Dataset entries
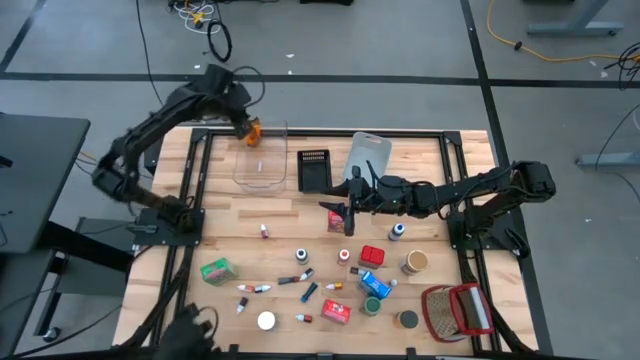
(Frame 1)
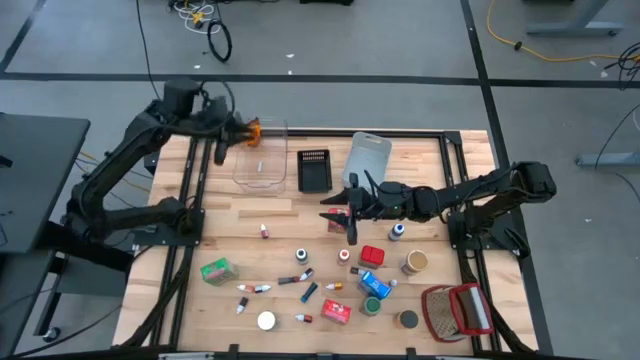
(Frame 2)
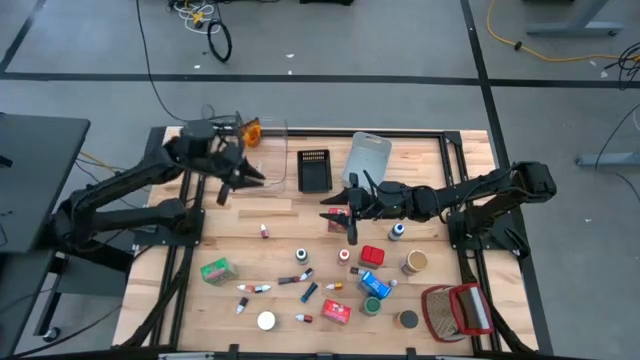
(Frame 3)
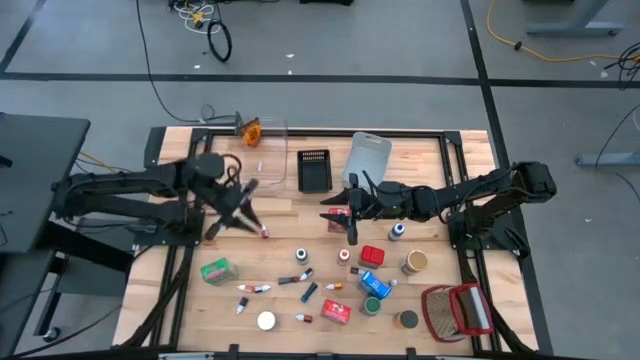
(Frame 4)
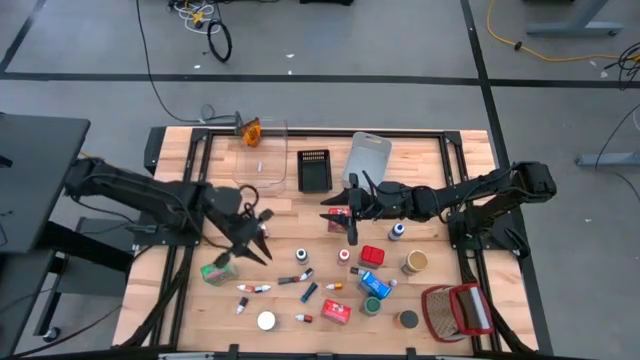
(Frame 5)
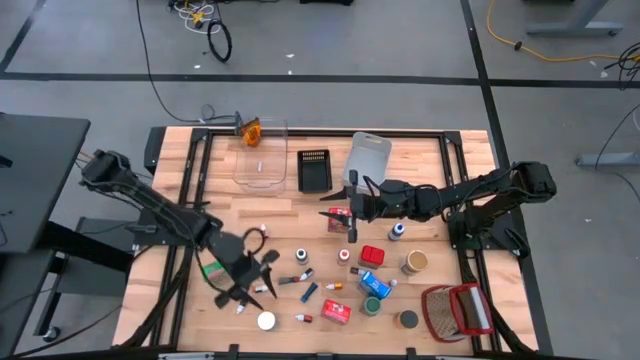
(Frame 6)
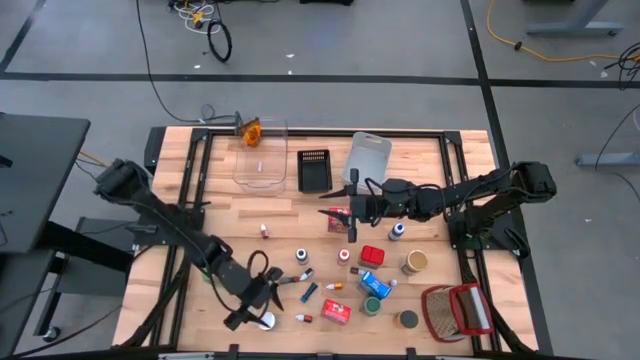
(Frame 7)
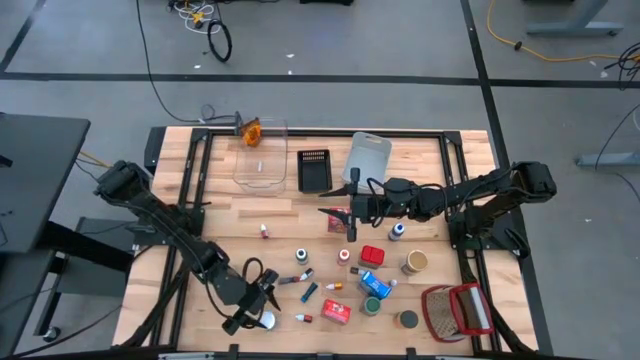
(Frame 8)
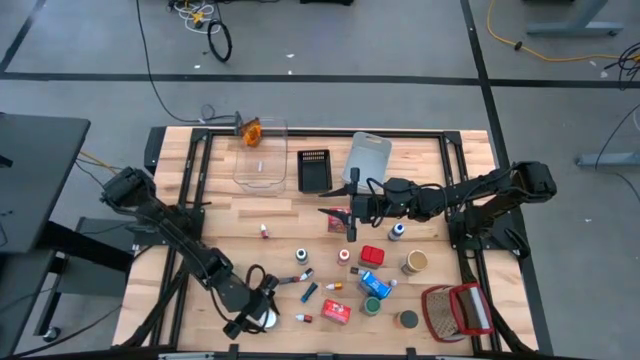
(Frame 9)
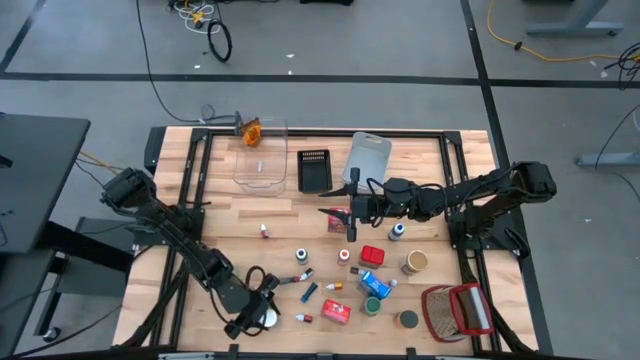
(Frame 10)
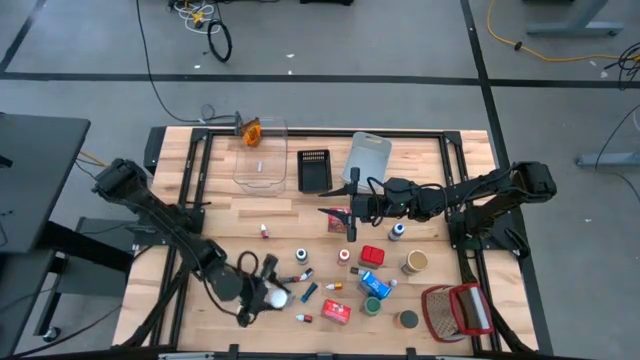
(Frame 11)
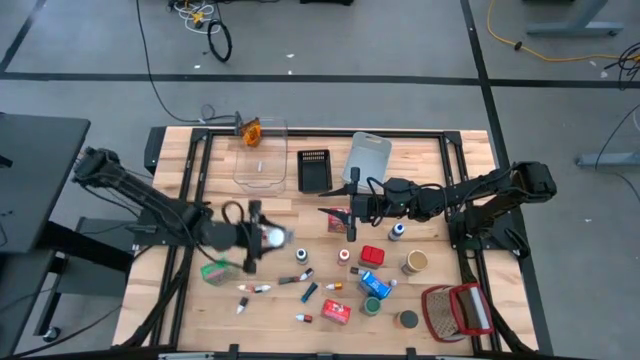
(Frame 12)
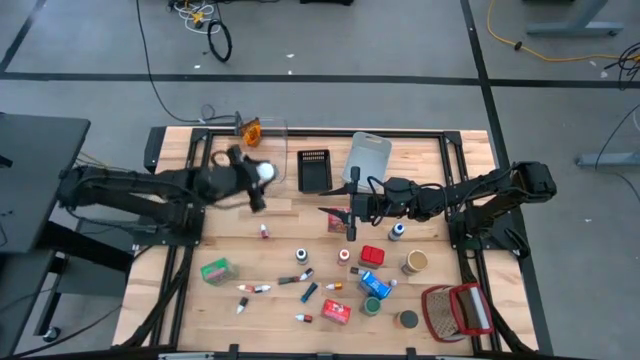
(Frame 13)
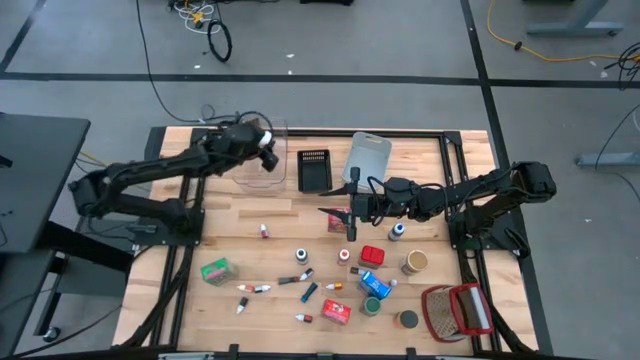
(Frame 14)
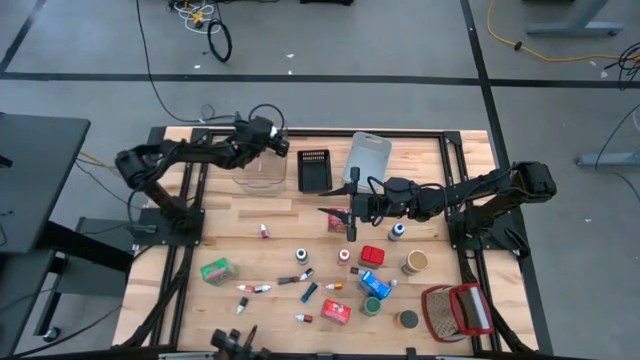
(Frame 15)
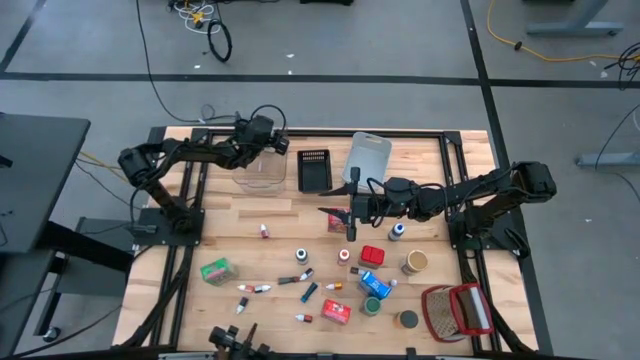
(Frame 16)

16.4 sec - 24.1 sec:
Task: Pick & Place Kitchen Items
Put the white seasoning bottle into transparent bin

> _What you will do_
Please repeat the records above word for word, and do not include the pictures.

> _Result of the exercise_
(Frame 1)
(Frame 2)
(Frame 3)
(Frame 4)
(Frame 5)
(Frame 6)
(Frame 7)
(Frame 8)
(Frame 9)
(Frame 10)
(Frame 11)
(Frame 12)
(Frame 13)
(Frame 14)
(Frame 15)
(Frame 16)

16.4 sec - 24.1 sec:
Task: Pick & Place Kitchen Items
Put the white seasoning bottle into transparent bin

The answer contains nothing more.